• [REQUIRED WORK]:
Note each line in the data below that holds "stroke", and copy it.
---- STUDY MATERIAL
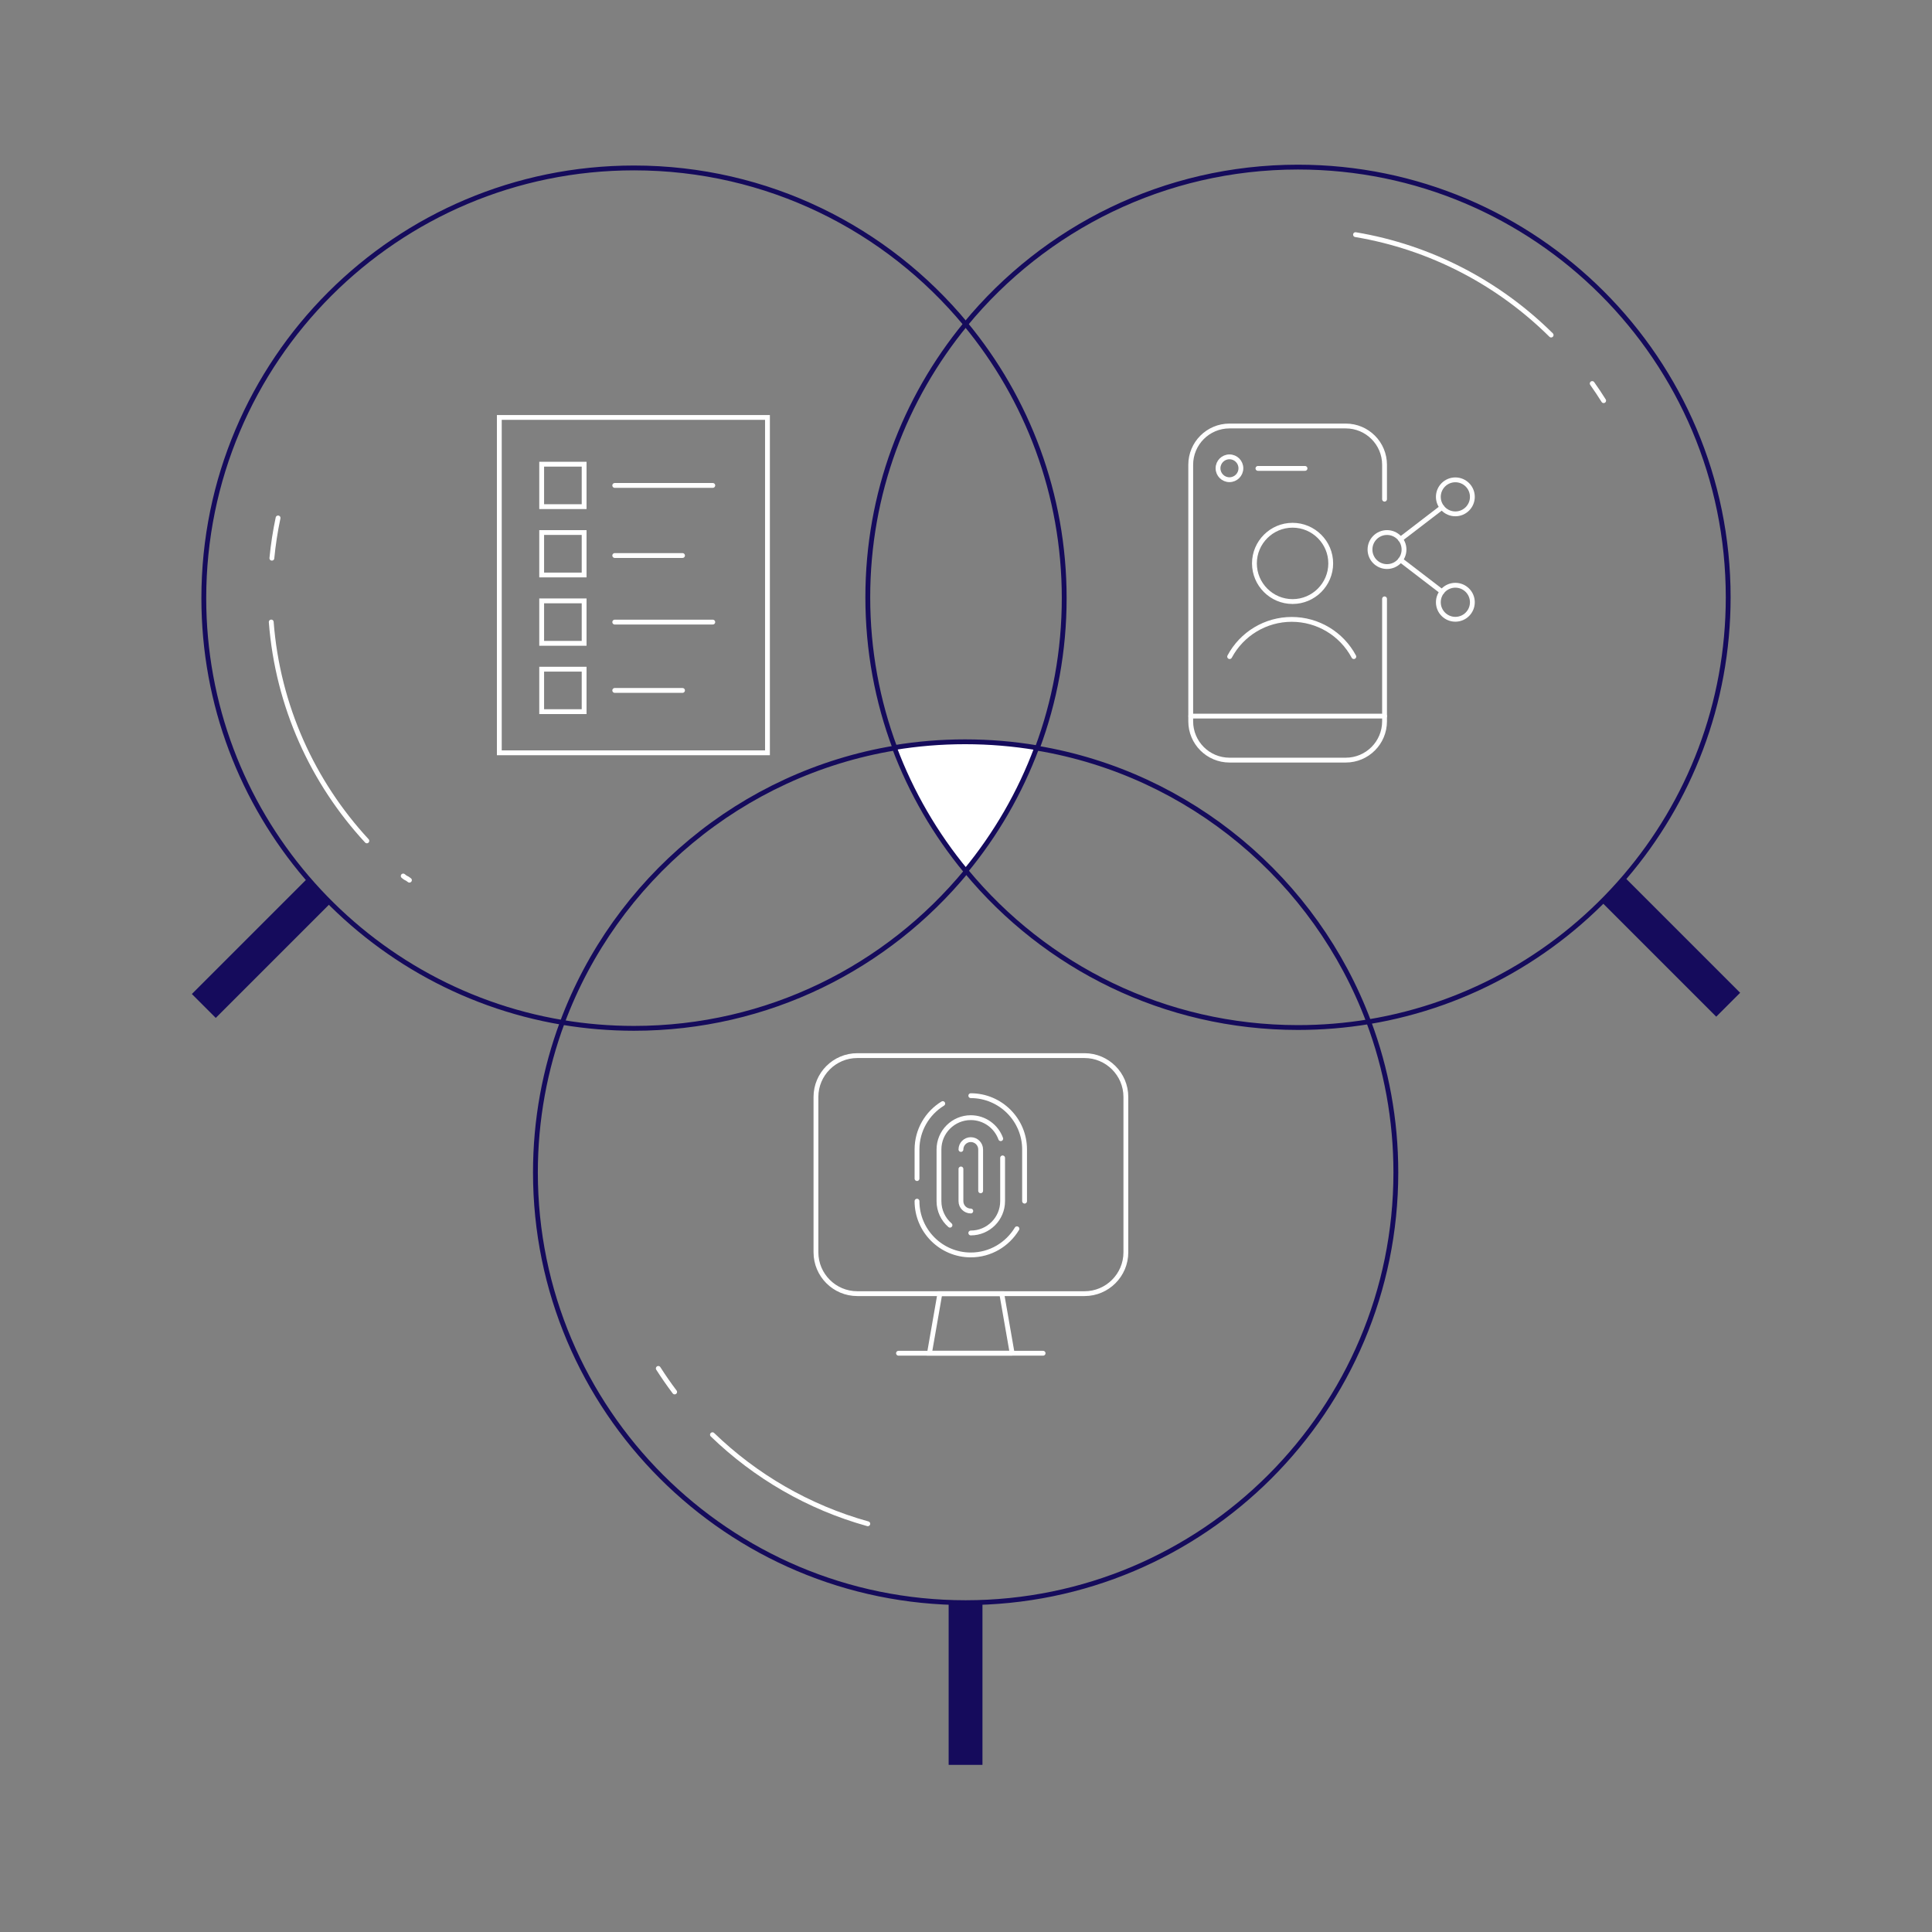 <?xml version="1.0" encoding="UTF-8"?>
<svg id="Layer_8" data-name="Layer 8" xmlns="http://www.w3.org/2000/svg" width="800" height="800" viewBox="0 0 800 800">
  <rect x="0" y="0" width="800" height="800" fill="#808080" stroke="none"/>
  <defs>
    <style>
      .cls-1 {
        fill: #fff;
      }

      .cls-1, .cls-2, .cls-3 {
        stroke: #150b5c;
        stroke-linejoin: round;
      }

      .cls-1, .cls-3, .cls-4 {
        stroke-linecap: round;
        stroke-width: 2px;
      }

      .cls-2 {
        stroke-width: 14px;
      }

      .cls-2, .cls-3, .cls-4 {
        fill: none;
      }

      .cls-4 {
        stroke: #fff;
        stroke-miterlimit: 10;
      }
    </style>
  </defs>
  <path class="cls-1" d="m429.289,309.619c-6.951,18.681-16.951,35.887-29.39,50.998-12.494-15.122-22.561-32.35-29.556-51.064,9.523-1.574,19.302-2.395,29.268-2.395,10.111,0,20.033.843,29.678,2.461Z"/>
  <path class="cls-3" d="m429.523,309.815c63.304,10.621,115.288,54.612,137.228,113.27,7.273,19.423,11.242,40.454,11.242,62.406,0,98.381-79.756,178.137-178.148,178.137-98.37,0-178.137-79.756-178.137-178.137,0-21.851,3.936-42.794,11.142-62.14,21.929-58.913,74.157-103.093,137.727-113.603"/>
  <path class="cls-3" d="m400.133,360.813c-32.672,39.689-82.184,65-137.605,65-10.111,0-20.022-.843-29.678-2.461-84.257-14.135-148.459-87.405-148.459-175.676,0-98.381,79.756-178.137,178.137-178.137,55.266,0,104.656,25.166,137.328,64.667,25.488,30.82,40.809,70.355,40.809,113.47,0,21.851-3.936,42.794-11.142,62.14"/>
  <path class="cls-3" d="m370.577,309.749c-7.273-19.423-11.242-40.454-11.242-62.417,0-42.96,15.211-82.361,40.521-113.126,32.672-39.701,82.195-65.011,137.616-65.011,98.381,0,178.137,79.756,178.137,178.137,0,88.414-64.401,161.784-148.858,175.753-9.523,1.574-19.301,2.395-29.279,2.395-55.266,0-104.656-25.166-137.339-64.667"/>
  <g>
    <g>
      <path class="cls-4" d="m419.107,560.324h-34.231l4.293-24.618h25.645l4.293,24.618Z"/>
      <path class="cls-4" d="m372.047,560.348h59.876"/>
      <path class="cls-4" d="m337.869,454.222c0-9.434,7.679-17.113,17.113-17.113h94.102c9.439,0,17.113,7.679,17.113,17.113v64.337c0,9.434-7.674,17.113-17.113,17.113h-94.102c-9.434,0-17.113-7.679-17.113-17.113v-64.337Z"/>
    </g>
    <g>
      <path class="cls-4" d="m379.714,488.023v-12.052c0-8.028,4.269-15.077,10.656-18.996"/>
      <path class="cls-4" d="m421.091,508.807c-3.897,6.488-11.003,10.838-19.107,10.838-12.28,0-22.27-9.99-22.27-22.27"/>
      <path class="cls-4" d="m401.984,453.701c12.28,0,22.271,9.99,22.271,22.27v21.403"/>
      <path class="cls-4" d="m393.362,507.329c-2.787-2.418-4.552-5.983-4.552-9.954v-21.403c0-7.265,5.91-13.175,13.174-13.175,5.698,0,10.563,3.635,12.396,8.708"/>
      <path class="cls-4" d="m415.16,479.463v17.911c0,7.265-5.91,13.175-13.176,13.175"/>
      <path class="cls-4" d="m401.984,501.455c-2.25,0-4.079-1.83-4.079-4.08v-13.334"/>
      <path class="cls-4" d="m397.905,475.971c0-2.25,1.83-4.08,4.079-4.08,2.25,0,4.081,1.83,4.081,4.08v17.116"/>
    </g>
  </g>
  <g>
    <path class="cls-4" d="m573.31,247.976v50.714c0,8.871-7.187,16.058-16.058,16.058h-48.138c-8.871,0-16.062-7.187-16.062-16.058v-106.238c0-8.871,7.191-16.058,16.062-16.058h48.138c8.871,0,16.058,7.187,16.058,16.058v14.249"/>
    <path class="cls-4" d="m493.096,296.523h80.214"/>
    <path class="cls-4" d="m535.229,249.09c8.702,0,15.796-7.099,15.796-15.801,0-8.702-7.094-15.796-15.796-15.796-8.702,0-15.796,7.094-15.796,15.796,0,8.702,7.094,15.801,15.796,15.801Z"/>
    <path class="cls-4" d="m560.589,271.889c-5.071-9.484-14.931-15.415-25.714-15.415-10.777,0-20.643,5.931-25.708,15.415"/>
    <circle class="cls-4" cx="574.329" cy="227.559" r="7.043"/>
    <circle class="cls-4" cx="602.632" cy="205.734" r="7.043"/>
    <circle class="cls-4" cx="602.632" cy="249.384" r="7.043"/>
    <circle class="cls-4" cx="509.093" cy="193.902" r="4.733"/>
    <line class="cls-4" x1="520.883" y1="193.957" x2="540.376" y2="193.957"/>
    <line class="cls-4" x1="597.104" y1="210.092" x2="579.909" y2="223.279"/>
    <line class="cls-4" x1="597.104" y1="245.025" x2="579.909" y2="231.838"/>
  </g>
  <polygon class="cls-4" points="317.791 294.681 317.791 311.722 206.756 311.722 206.756 172.855 317.791 172.855 317.791 220.513 317.791 294.681"/>
  <rect class="cls-4" x="224.296" y="192.218" width="17.578" height="17.578"/>
  <rect class="cls-4" x="224.296" y="220.513" width="17.578" height="17.578"/>
  <rect class="cls-4" x="224.296" y="248.809" width="17.578" height="17.578"/>
  <line class="cls-4" x1="254.553" y1="201.007" x2="295.147" y2="201.007"/>
  <line class="cls-4" x1="254.553" y1="230.033" x2="282.615" y2="230.033"/>
  <line class="cls-4" x1="254.553" y1="257.597" x2="295.147" y2="257.597"/>
  <rect class="cls-4" x="224.296" y="277.104" width="17.578" height="17.578"/>
  <line class="cls-4" x1="254.553" y1="285.892" x2="282.615" y2="285.892"/>
  <line class="cls-2" x1="132.02" y1="368.918" x2="84.391" y2="416.546"/>
  <line class="cls-2" x1="667.98" y1="368.409" x2="715.609" y2="416.037"/>
  <line class="cls-2" x1="399.816" y1="730.805" x2="399.816" y2="663.448"/>
  <g>
    <path class="cls-4" d="m279.355,576.38c-2.38-3.155-4.638-6.407-6.769-9.748"/>
    <path class="cls-4" d="m359.335,630.962c-24.526-6.819-46.536-19.682-64.325-36.884"/>
    <path class="cls-4" d="m112.577,231.143c.548-5.655,1.408-11.22,2.564-16.675"/>
    <path class="cls-4" d="m151.908,348.186c-22.374-24.202-36.915-55.752-39.592-90.623"/>
    <path class="cls-4" d="m169.535,364.459c-1.586-1.247-1.042-.42-2.575-1.728"/>
    <path class="cls-4" d="m659.303,158.806c1.642,2.318,3.22,4.684,4.732,7.096"/>
    <path class="cls-4" d="m561.289,97.16c31.332,5.257,59.389,20.172,81,41.579"/>
  </g>
</svg>
--------
• [WRITTEN REPLY]:
  <rect x="0" y="0" width="800" height="800" fill="#808080" stroke="none"/>
        stroke: #150b5c;
        stroke-linejoin: round;
        stroke-linecap: round;
        stroke-width: 2px;
        stroke-width: 14px;
        stroke: #fff;
        stroke-miterlimit: 10;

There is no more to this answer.